Очень важно, что в постсредневековую эпоху начинается торговля промышленными товарами между отдаленными друг от друга центрами скопления капитала. Вырастала специализированная промышленность, рассчитанная на дальнюю торговлю. Ведущую роль в Западной Европе играло сукновальное производство.
Если до сих пор люди носили домотканую одежду, изготовленную в домашних или в лучшем случае в мануфактурных условиях путем ручного прядения и ткачества, то сукно изготовлялось на примитивных сукновальных фабриках. Производство сукна было очень выгодным.
В XVI—XVIII вв. в Англии идет огораживание и превращение в частную собственность земель, ранее рассматривавшихся крестьянами как общинная собственность (а также бывших монастырских имений). На огороженной земле можно было разводить овец для сукновального производства и велось также интенсивное, в основном уже товарное, производство хлеба, овощей и т.п. В то же время множится число людей безземельных, оторванных от производства и готовых за гроши работать при неограниченном рабочем дне на фабриках. Особенно тяжелые последствия этот процесс имел для горной Шотландии, где до тех пор сохранялись клановые отношения по типу даже не пятой, а скорее третьей фазы.
Торговля и производство сукна и других товаров велись капиталистическими методами и нуждались в идеологии, альтернативной господствовавшей в средние века.
Аналогичные явления наблюдались еще раньше: в XIII—XIV вв. во Фландрии и в XIV—XV вв. во Флоренции, однако это были лишь очаги капиталистического производства посреди всеобщего господства средневековых, феодальных отношений. Во Фландрии происходила борьба между плебеями-ремесленниками и патрициями-мануфактурщиками; победили было первые, но вскоре произошла феодальная контрреволюция, затруднившая мануфактурное производство. Во Флоренции произошло плебейское восстание «чомпи», но сценарий тут оказался тот же, что и во Фландрии. Как Фландрия, так и Флоренция не смогли выжить как центры капитализма, потому что они не сумели найти формулу равновесия между противоречивыми интересами немногочисленных имущих капиталистов и массы неимущих рабочих.
Это противоречие продолжало быть актуальным и после повсеместного прихода капиталистов к власти, который сделался возможным благодаря более мощной аккумуляции капитала и сопровождался утверждением новых социально-психологических идеологий и новых технологий, в том числе в области вооружений.

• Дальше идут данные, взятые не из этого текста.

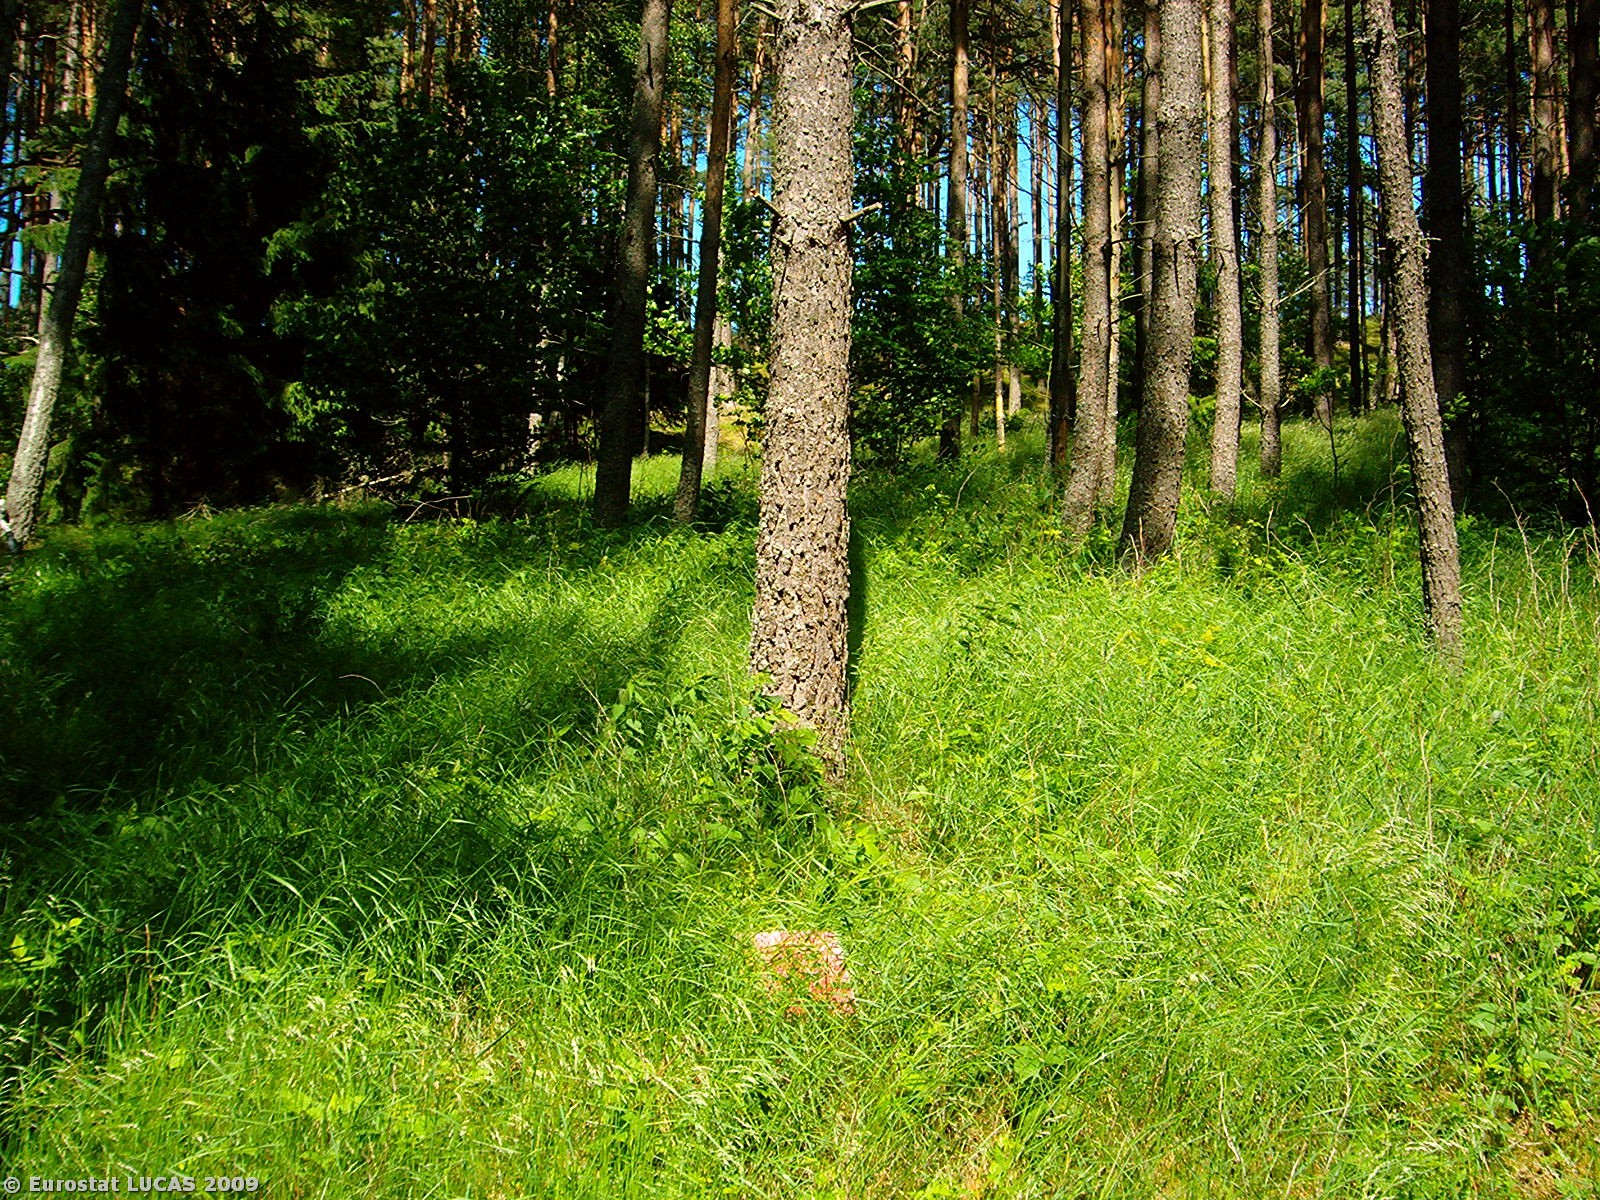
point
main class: Woodland
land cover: Mixed woodland
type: hemiboreal forest and nemoral coniferous forest and mixed broadleaved-coniferous forest
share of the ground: 50 - 75 %
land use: Forestry
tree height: > 5 m
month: June
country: PL
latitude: 53.9447
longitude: 17.2160

К XVII—XVIII вв. капиталистические отношения находят распространение в Западной Европе почти повсеместно, Секрет тут заключался в том, что получаемую ими в ходе производства прибавочную стоимость капиталисты обращали «не в пирамиды и соборы», как заметил один историк, и не в роскошные уборы и содержание обширного двора, а вкладывали ее в расширение капиталистического производства. Для развития этой тенденции, однако, требовалось создание новой этики, мешала господствовавшая средневековая идеология: еще составитель латинской версии Библии Блаженный Иероним (IV в.) говорил, что «богатый человек либо вор, либо сын вора». Реформация относила этот тезис к богатствам папы, епископов и монастырей; но она же дала людям религиозную санкцию на пользование каждому плодами собственных трудов и воздержания и тем самым фактически на производственные накопления и кредитные операции (последние в средневековых государствах нередко были религиозно или даже юридически запрещены христианам и становились уделом нехристиан). Поэтому неудивительно, что капиталистическая экономика ранее всего начала развиваться в странах, принявших Реформацию: в Англии (где сельский характер сукновального производства охранял капиталистов от судьбы, которая постигла ранние ростки капитализма во Флоренции), в Голландии, в Швейцарии (Женева), в некоторых частях Германии.